Well the result Segwit was adopted by 97% of the miners and Segwit was added to the Bitcoin network.

However it was not all fun and games because a portion of miners didn’t signal for Segwit and went with a different proposal of increasing the block size. The nodes (computers which have a partial or full copy of the blockchain) and miners who went with the increased block size proposal caused the hard fork on August 1st.

So what does this mean? Pros and Cons.

Pros: It means that Bitcoin Cash has cheaper transaction fees, it is faster, and has less backlog than Bitcoin even with Segwit on the Bitcoin network. This, in theory, allows Bitcoin Cash to scale more, is better for peer to peer exchange, for commerce, and just about everything.

Cons: Newer and less known dev team, less hashing power on the network, less nodes, tendency towards mining centralization based upon large block size, it doesn’t solve transaction malleability, and finally it won’t allow Lightening Network to run on it.


Bitcoin cash is good for commercial use and buying normal products. Until some of the miners move over and contribute more of their power to the BCH network, staying away from using it might be a good idea. With confirmation times being insanely volatile I can’t see the justification in using it. The confirmation times are still much less than with traditional banking but that’s besides the point. Most store owners shouldn’t be using BCH until things get under control. And investors I don’t think should be in it at all. Considering it’s lost so much value and Bitcoin continues to break into new highs.
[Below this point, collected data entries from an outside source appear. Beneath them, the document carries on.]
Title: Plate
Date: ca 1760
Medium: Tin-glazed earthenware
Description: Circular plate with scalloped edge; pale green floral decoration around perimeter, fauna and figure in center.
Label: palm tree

I think, Bitcoin is still the best place for store of value and long term investment. They have a more stable network. Bitcoin is less susceptible to being manipulated by large miners unlike BCH, which shows manipulation.Just take a look at these block time confirmations and compare those with the hashing power dips. Likewise, after August 1st the price of Bitcoin went on a Bull run for about a month before topping out at 5k. And after it’s dip back to the 4k level, it’s now broken out past the previous all time high. That’s likely due to another planned fork called Bitcoin Gold and everyone wanting to get free money.
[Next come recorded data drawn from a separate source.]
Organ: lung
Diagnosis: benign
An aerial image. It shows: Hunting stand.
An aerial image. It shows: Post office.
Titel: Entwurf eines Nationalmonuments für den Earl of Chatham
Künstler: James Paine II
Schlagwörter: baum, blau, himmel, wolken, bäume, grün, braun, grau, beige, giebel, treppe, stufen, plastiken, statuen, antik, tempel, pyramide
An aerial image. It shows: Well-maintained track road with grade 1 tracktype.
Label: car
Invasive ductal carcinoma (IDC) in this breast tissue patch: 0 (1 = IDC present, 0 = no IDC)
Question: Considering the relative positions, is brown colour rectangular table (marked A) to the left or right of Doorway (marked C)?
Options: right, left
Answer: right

But Bitcoin is still the powerhouse in the crypto-world and will be for some time. A few days ago Bitcoin had 56% of the market cap which is incredibly impressive. So Bitcoin should still make up a large portion of your crypto protiflo. And even for traditional investors adding some small amounts of crypto might be a decent idea, depending on your risk tolerance.
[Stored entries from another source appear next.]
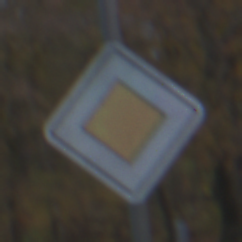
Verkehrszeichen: Vorfahrtsstrasse
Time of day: SunriseSunset
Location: Outdoor (Nature)
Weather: PartlyCloudy
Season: Autumn
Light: Natural
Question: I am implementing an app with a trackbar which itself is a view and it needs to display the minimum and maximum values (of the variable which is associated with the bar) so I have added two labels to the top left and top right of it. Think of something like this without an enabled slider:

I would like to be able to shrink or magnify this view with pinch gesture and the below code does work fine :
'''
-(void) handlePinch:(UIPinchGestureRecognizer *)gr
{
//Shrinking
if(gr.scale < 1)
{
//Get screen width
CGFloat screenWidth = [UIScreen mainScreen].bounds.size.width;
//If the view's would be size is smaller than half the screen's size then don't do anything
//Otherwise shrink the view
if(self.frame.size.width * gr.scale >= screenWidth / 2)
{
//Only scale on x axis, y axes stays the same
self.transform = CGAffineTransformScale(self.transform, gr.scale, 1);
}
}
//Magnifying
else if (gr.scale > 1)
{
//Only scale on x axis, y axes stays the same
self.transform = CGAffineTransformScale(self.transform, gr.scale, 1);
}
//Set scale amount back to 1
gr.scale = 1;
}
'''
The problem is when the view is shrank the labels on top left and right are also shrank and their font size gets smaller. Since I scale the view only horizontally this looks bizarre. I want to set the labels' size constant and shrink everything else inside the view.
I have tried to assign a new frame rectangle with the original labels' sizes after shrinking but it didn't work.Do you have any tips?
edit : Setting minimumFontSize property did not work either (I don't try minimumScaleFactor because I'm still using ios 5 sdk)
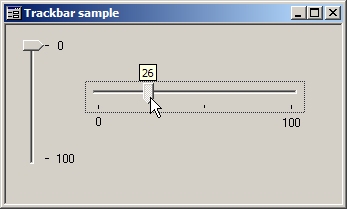
Answer: I found the solution in separating my trackbar from the view that shall support pinch gesture. It was bad design to include trackbar in it beforehand, check your ui design before putting effort on more complicated stuff.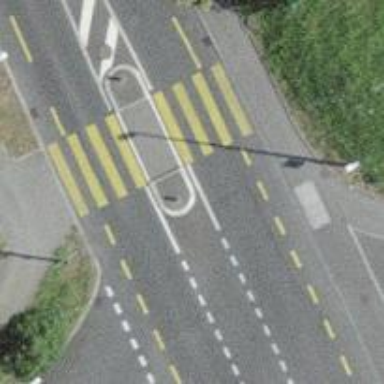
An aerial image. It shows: Uncontrolled zebra crossing with central island.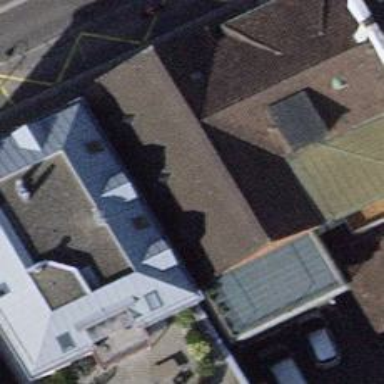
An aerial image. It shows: Hardware shop.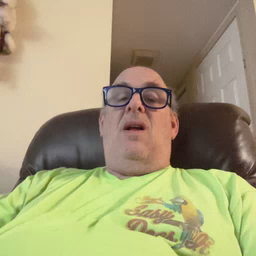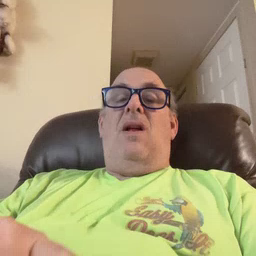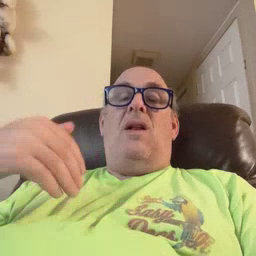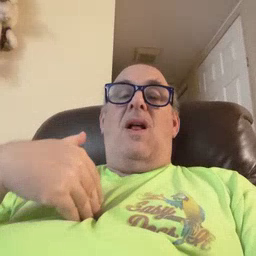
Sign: animal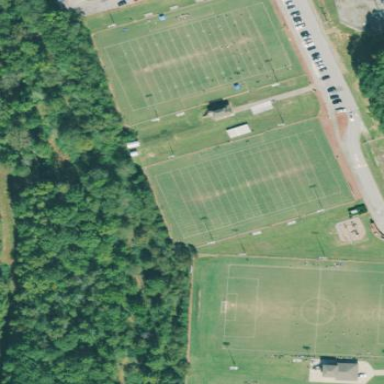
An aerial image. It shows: Soccer pitch for leisureland activities.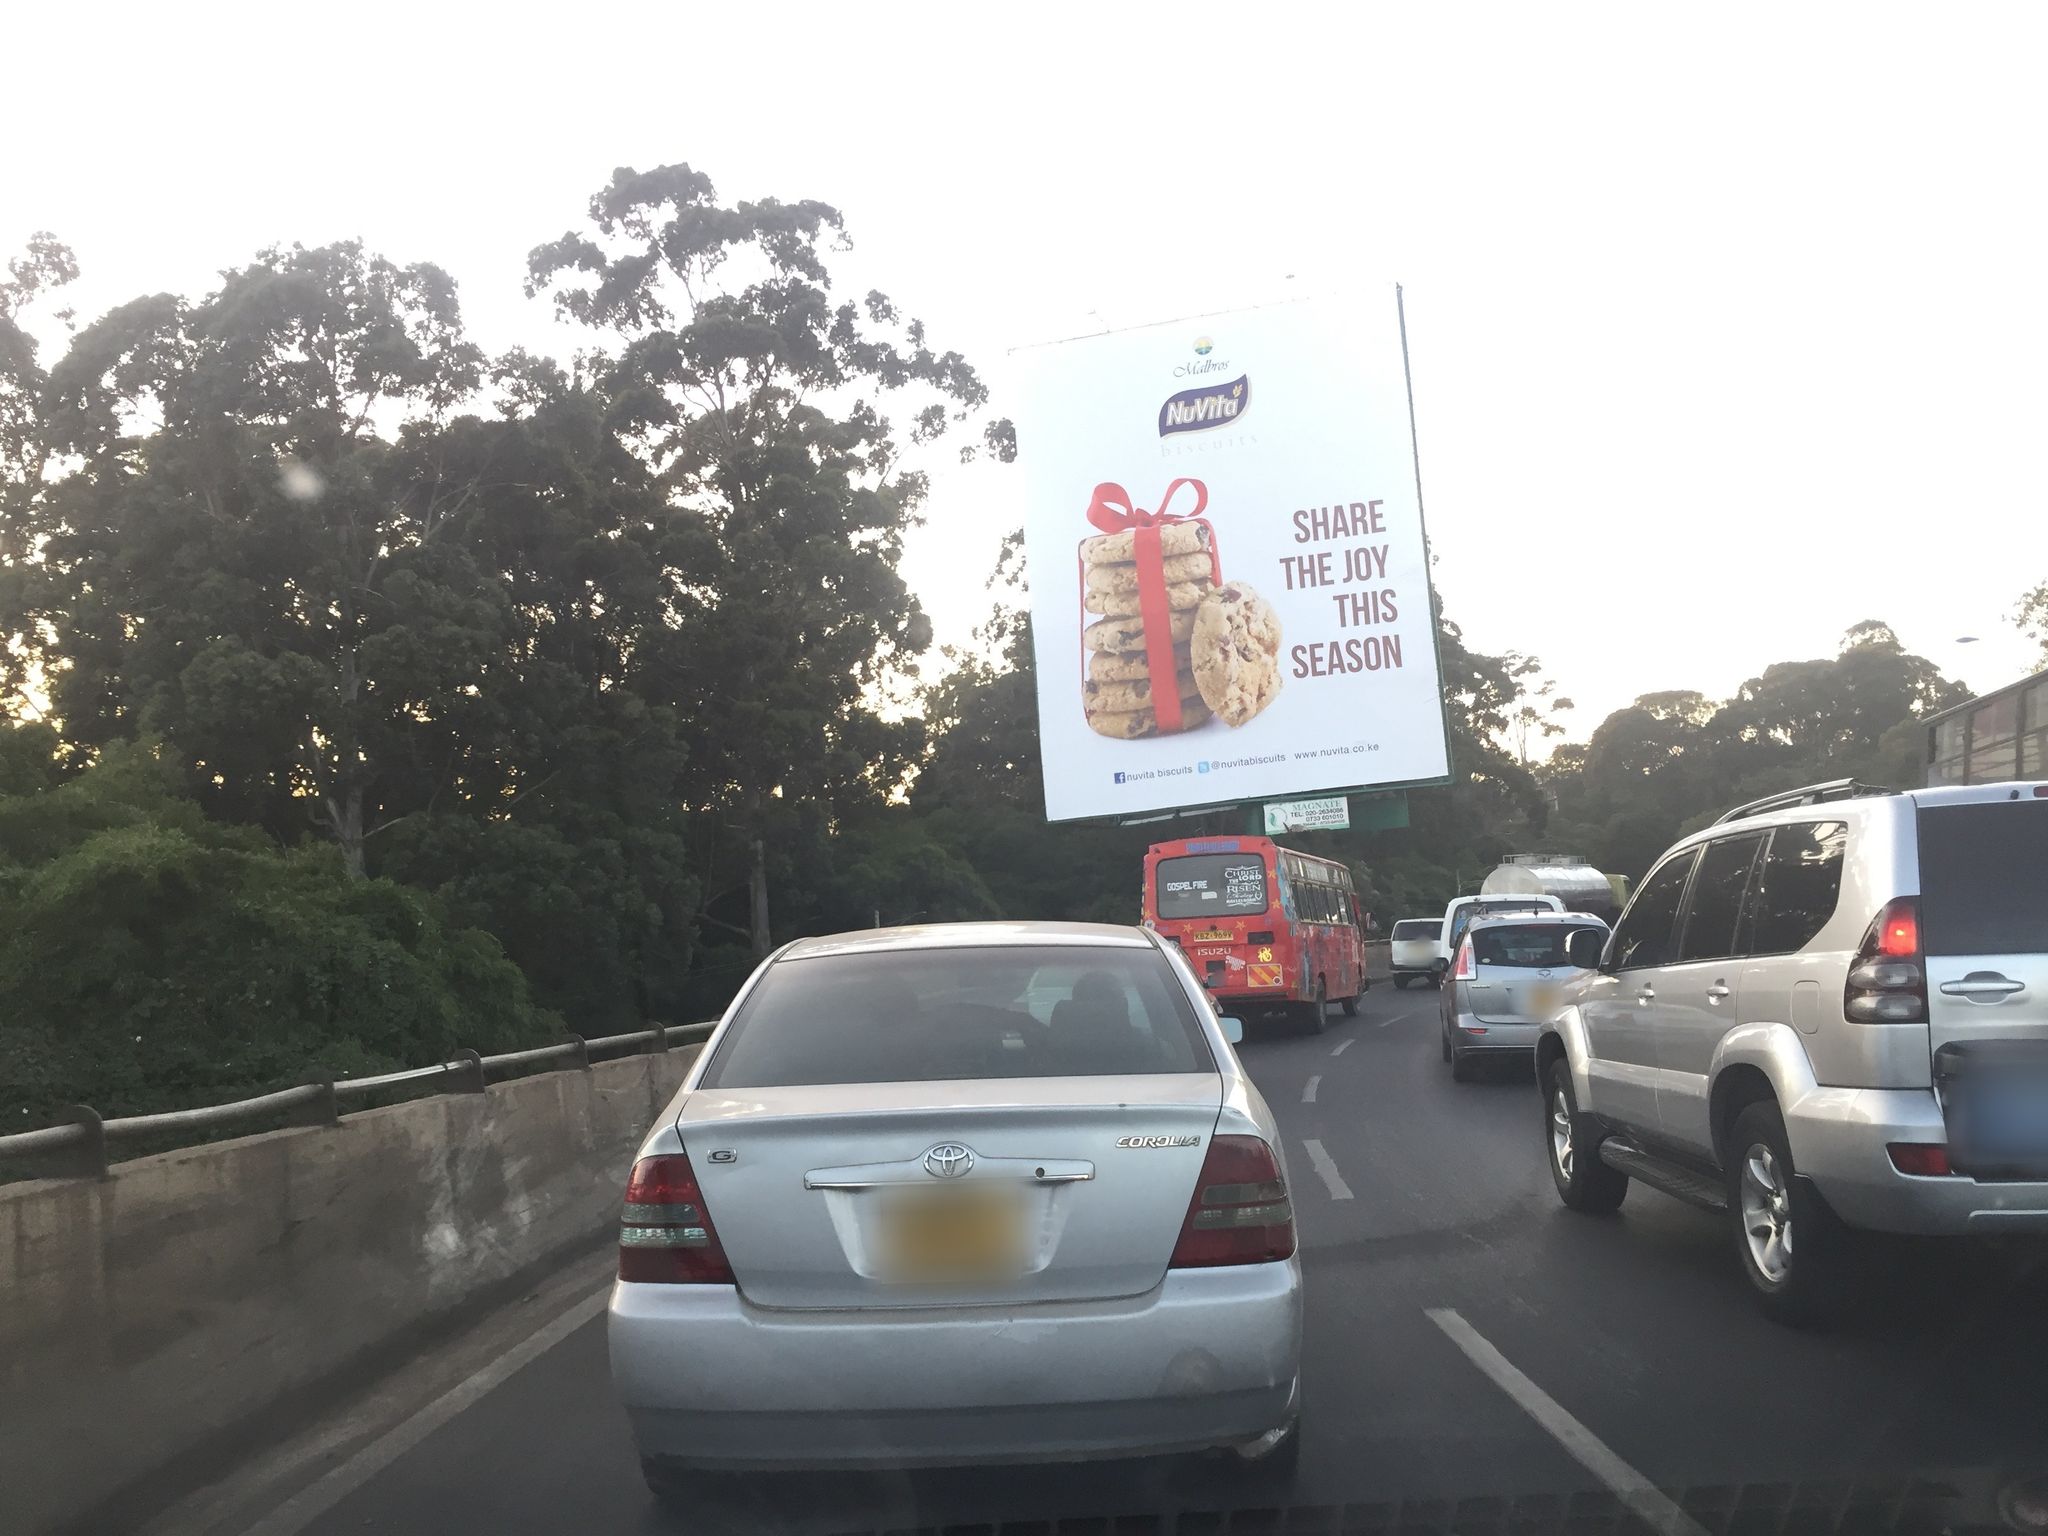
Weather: cloudy
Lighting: day
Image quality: good
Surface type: driving surface
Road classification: trunk, trunk_link
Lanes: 2
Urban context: urban centre
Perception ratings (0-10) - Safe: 1.1, Lively: 5.51, Beautiful: 5.98, Boring: 2.56, Depressing: 2.07, Wealthy: 8.24

5 Replies to “Bitcoin Cash, a hard fork”

  1. Thanks for sharing superb informations. Your web-site is so cool. I am impressed by the details that youve on this site. It reveals how nicely you understand this subject. Bookmarked this website page, will come back for more articles. You, my friend, ROCK! I found just the information I already searched everywhere and just couldn’t come across. What a great website.

  2. You are very right. 15 difference in international prices (BTC to USD) and in Indian market (BTC to INR) is a big difference. However this has happened due to demonetization. Due to demonetization, there has been drastic increase in demand. The Bitcoin exchanges do not have enough liquidity. When they have limited number of bitcoins with them and demand is huge, they have no option but to increase the price. No one is selling bitcoins so these exchanges are not receiving any SELL orders. They are only getting BUY orders resulting in a crunch leading to increase in their selling price.